Aufgrund des rechtmäßigen Aufenthalts kann kommt im Rahmen der Auslegung des § 23 Abs. 3 SGB XII das Diskriminierungsverbot des Art. 18 AEUV zur Anwendung. Danach ist unbeschadet besonderer Bestimmungen der Verträge in ihrem Anwendungsbereich jede Diskriminierung aus Gründen der Staatsangehörigkeit verboten. Der EuGH hat bereits mehrfach entschieden, dass Leistungen der Sozialhilfe in den Anwendungsbereich des Vertrages fallen (Urt. v. 07.09.2004, C-456/02 m.w.N.). Werden Unionsbürgern, die sich in dem Mitgliedstaat rechtmäßig aufhalten, ohne seine Staatsangehörigkeit zu besitzen, die Leistungen von Sozialhilfe auch dann nicht gewährt, wenn sie die Voraussetzungen erfüllen, die für die Staatsangehörigen des Mitgliedstaates gelten, stellt dies eine verbotene Diskriminierung aus Gründen der Staatsbürgerschaft dar (Urt. v. 20.09.2001, C-184-99 "Grzelczyk"; Urt. v. 07.09.2004, C-456/02 "Trojani").

Der Antragsteller hat damit nach Ablauf der Dreimonats-Frist des Art. 24 Abs. 2 EGRL 38/2004 Anspruch auf Leistungen nach dem 4. Kapitel des SGB XII. Rein vorsorglich weist die Kammer darauf hin, dass es auch nach der Rechtsprechung des EuGH dem Mitgliedstaat unbenommen bleibt, festzustellen, dass ein Staatsangehöriger eines andren Mitgliedstaats, der Sozialhilfe in Anspruch genommen hat, die Voraussetzungen für sein Aufenthaltsrecht nicht (mehr) erfüllt. Der Aufnahmemitgliedstaat kann sogar in einem solchen Fall unter Einhaltung der vom Gemeinschaftsrecht gezogenen Grenzen eine Ausweisungsmaßnahme vornehmen, wird dabei aber insbesondere Art. 14 Abs. 3 EGRL 38/2004 zu beachten haben (EuGH aaO).

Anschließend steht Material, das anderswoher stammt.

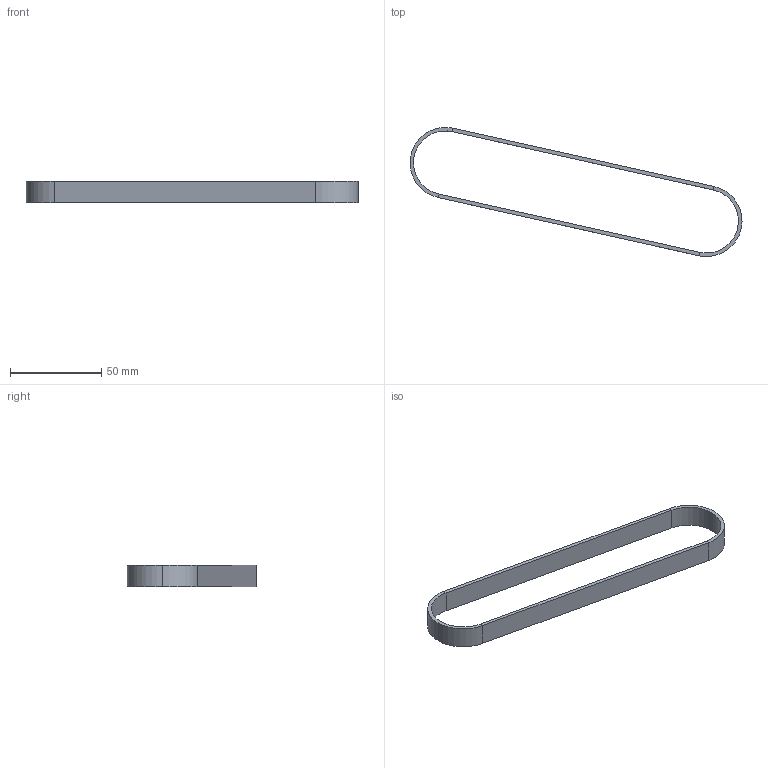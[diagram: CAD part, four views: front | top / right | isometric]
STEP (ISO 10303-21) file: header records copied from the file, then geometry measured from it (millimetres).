
FILE_DESCRIPTION (( 'STEP AP203' ), '1' );
FILE_NAME ('Copy (2) of Belt3-2^MECHANISM_ASSEMBLY.STEP', '2022-02-24T16:06:50', ( '' ), ( '' ), 'SwSTEP 2.0', 'SolidWorks 2018', '' );
FILE_SCHEMA (( 'CONFIG_CONTROL_DESIGN' ));
Length unit declared in the file: millimetre
Products named in the file (1): Copy (2) of Belt3-2^MECHANISM_ASSEMBLY
Bounding box: 182.15 x 70.88 x 12 mm (x, y, z)
Volume: 9601.7 mm3; surface area: 11431.5 mm2
Topology: 1 solids, 1 shells, 18 faces, 38 edges, 20 vertices
Faces by surface type: plane 12, cylinder 6
Entity records: 547 total; most frequent: DIRECTION 88, CARTESIAN_POINT 77, ORIENTED_EDGE 76, EDGE_CURVE 38, AXIS2_PLACEMENT_3D 31, VECTOR 26, LINE 26, VERTEX_POINT 20
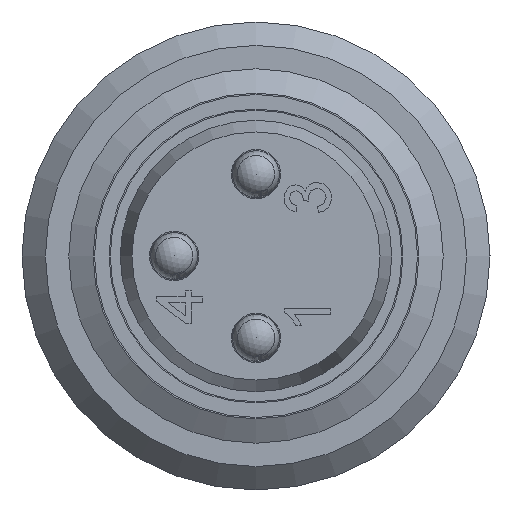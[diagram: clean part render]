
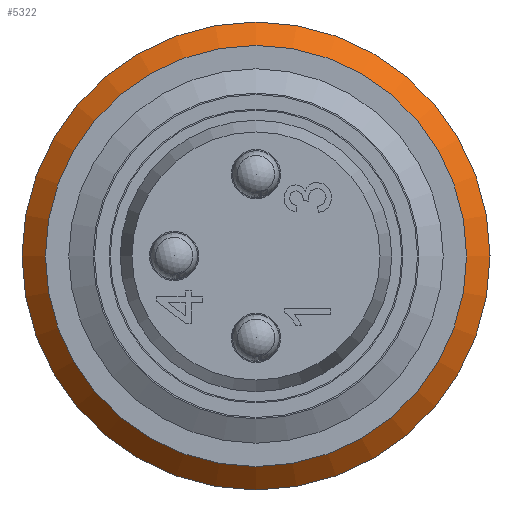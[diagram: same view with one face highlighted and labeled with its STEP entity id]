
A CAD part, left-side view. The second image highlights one B-rep face of the part: STEP entity #5322.
In plain terms, the highlighted conical face has half-angle 45 degrees and reference radius 5 mm.
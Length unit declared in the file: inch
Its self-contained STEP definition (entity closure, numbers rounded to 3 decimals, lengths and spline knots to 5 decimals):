
#716 = DIRECTION ( 'NONE',  ( 0., 0., -1. ) ) ;
#1645 = AXIS2_PLACEMENT_3D ( 'NONE', #15029, #13438, #11908 ) ;
#1875 = CONICAL_SURFACE ( 'NONE', #1645, 0.19685, 0.785 ) ;
#2241 = CARTESIAN_POINT ( 'NONE',  ( -0.26772, 0., 0.17717 ) ) ;
#2448 = CARTESIAN_POINT ( 'NONE',  ( -0.2874, 0., -0.19685 ) ) ;
#2843 = CIRCLE ( 'NONE', #5531, 0.19685 ) ;
#4366 = FACE_OUTER_BOUND ( 'NONE', #18419, .T. ) ;
#5232 = CIRCLE ( 'NONE', #9263, 0.17717 ) ;
#5322 = ADVANCED_FACE ( 'NONE', ( #4366, #16539 ), #1875, .T. ) ;
#5531 = AXIS2_PLACEMENT_3D ( 'NONE', #19727, #10243, #716 ) ;
#6438 = EDGE_CURVE ( 'NONE', #7472, #7472, #5232, .T. ) ;
#7472 = VERTEX_POINT ( 'NONE', #2241 ) ;
#7533 = VERTEX_POINT ( 'NONE', #2448 ) ;
#8574 = CARTESIAN_POINT ( 'NONE',  ( -0.26772, 0., 0. ) ) ;
#9263 = AXIS2_PLACEMENT_3D ( 'NONE', #8574, #19665, #10171 ) ;
#10171 = DIRECTION ( 'NONE',  ( 0., 0., 1. ) ) ;
#10243 = DIRECTION ( 'NONE',  ( -1., 0., 0. ) ) ;
#11908 = DIRECTION ( 'NONE',  ( 0., 0., 1. ) ) ;
#13438 = DIRECTION ( 'NONE',  ( -1., 0., 0. ) ) ;
#14795 = EDGE_LOOP ( 'NONE', ( #19290 ) ) ;
#15029 = CARTESIAN_POINT ( 'NONE',  ( -0.2874, 0., 0. ) ) ;
#15183 = ORIENTED_EDGE ( 'NONE', *, *, #16965, .F. ) ;
#16539 = FACE_BOUND ( 'NONE', #14795, .T. ) ;
#16965 = EDGE_CURVE ( 'NONE', #7533, #7533, #2843, .T. ) ;
#18419 = EDGE_LOOP ( 'NONE', ( #15183 ) ) ;
#19290 = ORIENTED_EDGE ( 'NONE', *, *, #6438, .T. ) ;
#19665 = DIRECTION ( 'NONE',  ( -1., 0., 0. ) ) ;
#19727 = CARTESIAN_POINT ( 'NONE',  ( -0.2874, 0., 0. ) ) ;

Auf die – umstrittene – Frage, ob im Fall eines wirtschaftlich nicht aktiven Unions-bürgers, der aus Gründen des Sozialhilfebezugs einreist, das Europäische Fürsorgeabkommen vom 11.12.1953 (EFA) Anwendung findet, kommt es daher nicht an (zum Streitstand einerseits: BSG, Urt. v. 19.10.2010, B 14 AS 23/10 R, Rdnr. 40; andererseits: Greiger in jurisPK-SGB XII, Vorbemerkung SGB XII, Die Sozialhilfe als Gegenstand des Europäischen Rechts, Rnr. 59 f. m.w.N.).

Ebenso wenig braucht im einstweiligen Rechtsschutzverfahren nicht die Frage geklärt werden, ob der vollständige Leistungsausschluss des § 23 Abs. 3 SGB XII nach nationalem Recht verfassungsmäßig ist, so dass dem Antragsteller für die Zeit vor dem 08.01.2011 u.U. Leistungen zur Sicherung des Lebensunterhalts zumindest in reduzierter Höhe zustünden. Die Kammer sieht diesbezüglich im Hinblick auf den im einstweiligen Rechtsschutz nur geringen Zeitraum (von Stellung des Antrags am 23.12.2010 bis zum 07.01.2011) und den Umstand, dass der Antragsteller über eigenes Einkommen in Höhe von 250 EUR verfügt, keinen Anordnungsgrund.

Die Kostenentscheidung beruht auf § 193 Sozialgerichtsgesetz und berücksichtigt das Verhältnis von Obsiegen und Unterliegen.

II.

Da der Eilantrag überwiegend Erfolg hat, liegen auch die Voraussetzungen für die Bewilligung von Prozesskostenhilfe vor.